Simulation: Testing Drone Crashes in AirSim Before Real Flight

Problem: Real Drone Crashes Are Expensive

You've written flight control code, but you're not sure how it handles wind gusts, sensor failures, or bad waypoints. A single crash can destroy a $500+ drone.

You'll learn:

• How to set up AirSim crash scenarios with Python
• How to simulate sensor failures and adverse conditions before real flight
• How to read crash telemetry to fix your control logic

Time: 25 min | Level: Intermediate

Why This Happens

Most flight code looks fine in normal conditions. Problems surface in edge cases — low battery during a turn, GPS dropout mid-route, sudden wind at low altitude. AirSim lets you inject these failures programmatically and observe exactly how your drone behaves.

Common symptoms in real flights:

• Drone drifts on hover (untuned PID or compass interference)
• Crash on return-to-home (GPS accuracy drops near obstacles)
• Flip on takeoff (motor assignment mismatch or center-of-gravity issue)

Setup

Step 1: Install AirSim and the Python Client

# Install the AirSim Python package
pip install airsim

# Confirm it's working
python -c "import airsim; print(airsim.__version__)"

Expected: A version number like 1.8.1 with no errors.

Download the prebuilt AirSim environment from the AirSim releases page. The "Blocks" environment is the lightest and best for crash testing.

Step 2: Configure Your Drone in settings.json

AirSim reads from ~/Documents/AirSim/settings.json. Use a quadrotor with realistic physics:

{
  "SettingsVersion": 1.2,
  "SimMode": "Multirotor",
  "Vehicles": {
    "Drone1": {
      "VehicleType": "SimpleFlight",
      "X": 0, "Y": 0, "Z": 0,
      "EnableCollisionPassthrough": false
    }
  },
  "Wind": {
    "X": 0, "Y": 0, "Z": 0
  }
}

Why EnableCollisionPassthrough: false: This ensures AirSim actually simulates collisions instead of ignoring them — critical for crash testing.

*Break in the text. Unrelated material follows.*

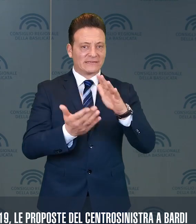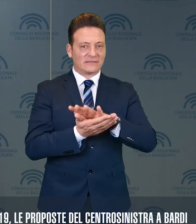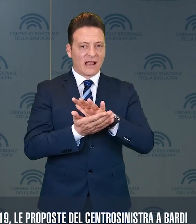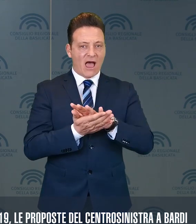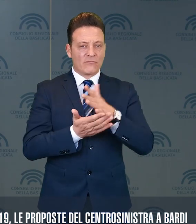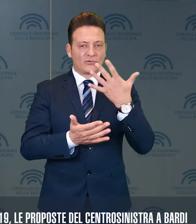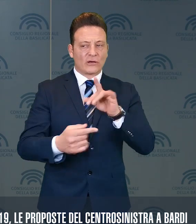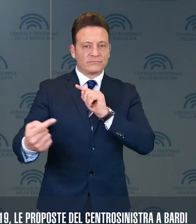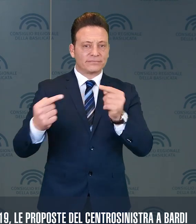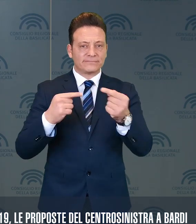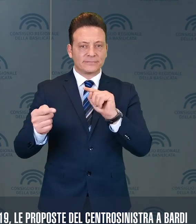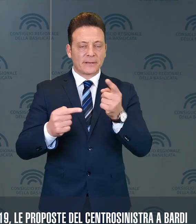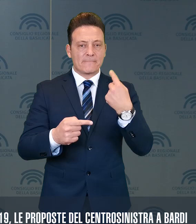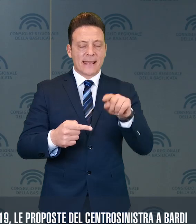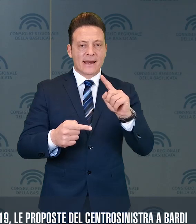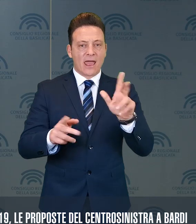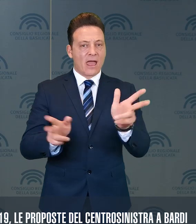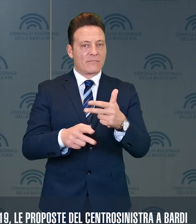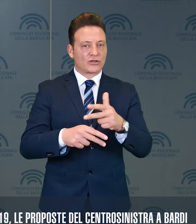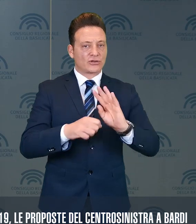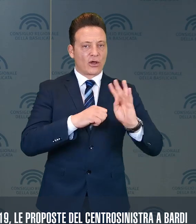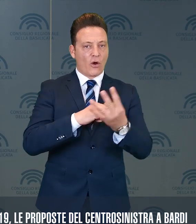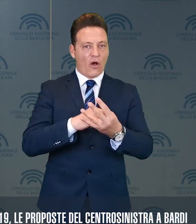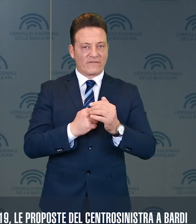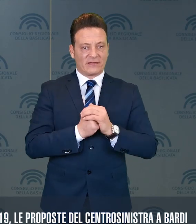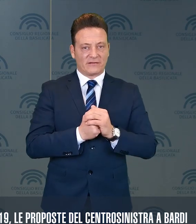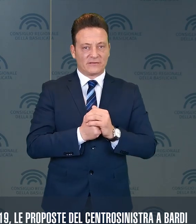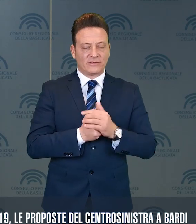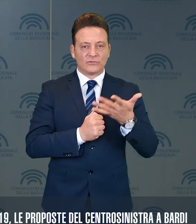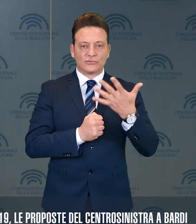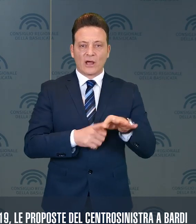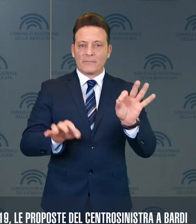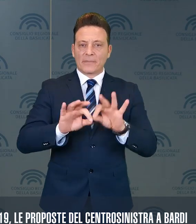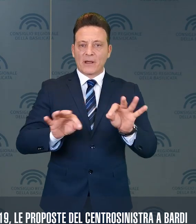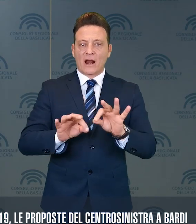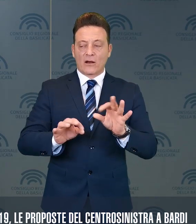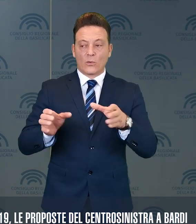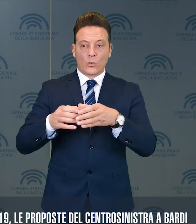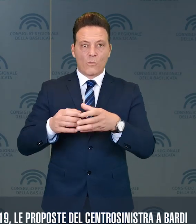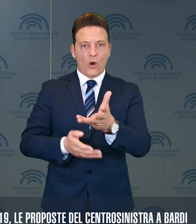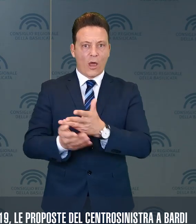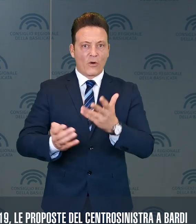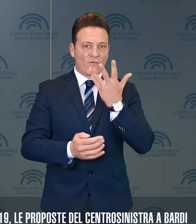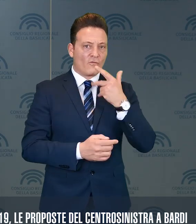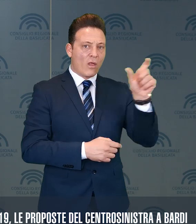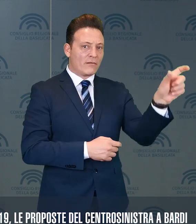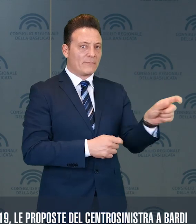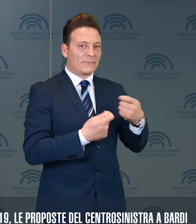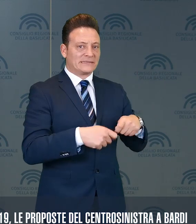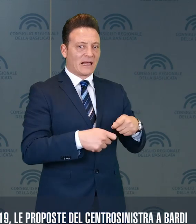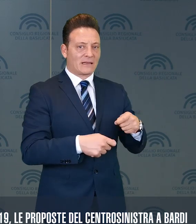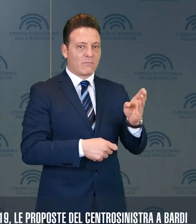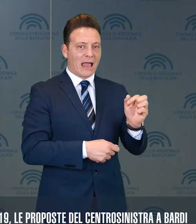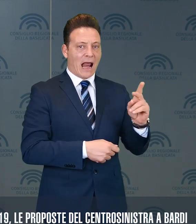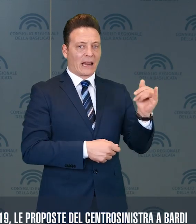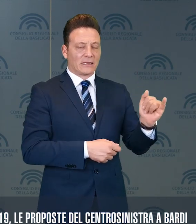fatto il punto sull'emergenza Covid-19 e hanno presentato in uno spirito collaborativo una

Solution: Simulate Crash Scenarios

Step 3: Connect and Arm the Drone

import airsim
import time

# Connect to AirSim (must be running first)
client = airsim.MultirotorClient()
client.confirmConnection()
client.enableApiControl(True)
client.armDisarm(True)

print("Connected and armed.")

If it fails:

• ConnectionRefusedError: AirSim isn't running — launch the environment first.
• API control not enabled: Check settings.json for conflicting vehicle configs.

Step 4: Simulate a GPS Failure Mid-Flight

import airsim
import time

client = airsim.MultirotorClient()
client.confirmConnection()
client.enableApiControl(True)
client.armDisarm(True)

# Take off and fly to a waypoint
client.takeoffAsync().join()
client.moveToPositionAsync(10, 0, -5, 3).join()  # x, y, z (NED), speed m/s

# Inject GPS failure by spoofing zero-confidence GPS data
# AirSim doesn't have a direct GPS-off API, so we simulate via noise
client.simSetDetectionFilterRadius("Drone1", 0)  # Shrinks sensor range

time.sleep(3)  # Observe behavior during "lost GPS"

# Log state at failure
state = client.getMultirotorState()
pos = state.kinematics_estimated.position
print(f"Position at GPS loss: x={pos.x_val:.2f}, y={pos.y_val:.2f}, z={pos.z_val:.2f}")

# Reset
client.landAsync().join()
client.armDisarm(False)

Expected: The drone hovers or drifts slightly. If it immediately falls or flips, your control loop has no GPS fallback — fix that before real flight.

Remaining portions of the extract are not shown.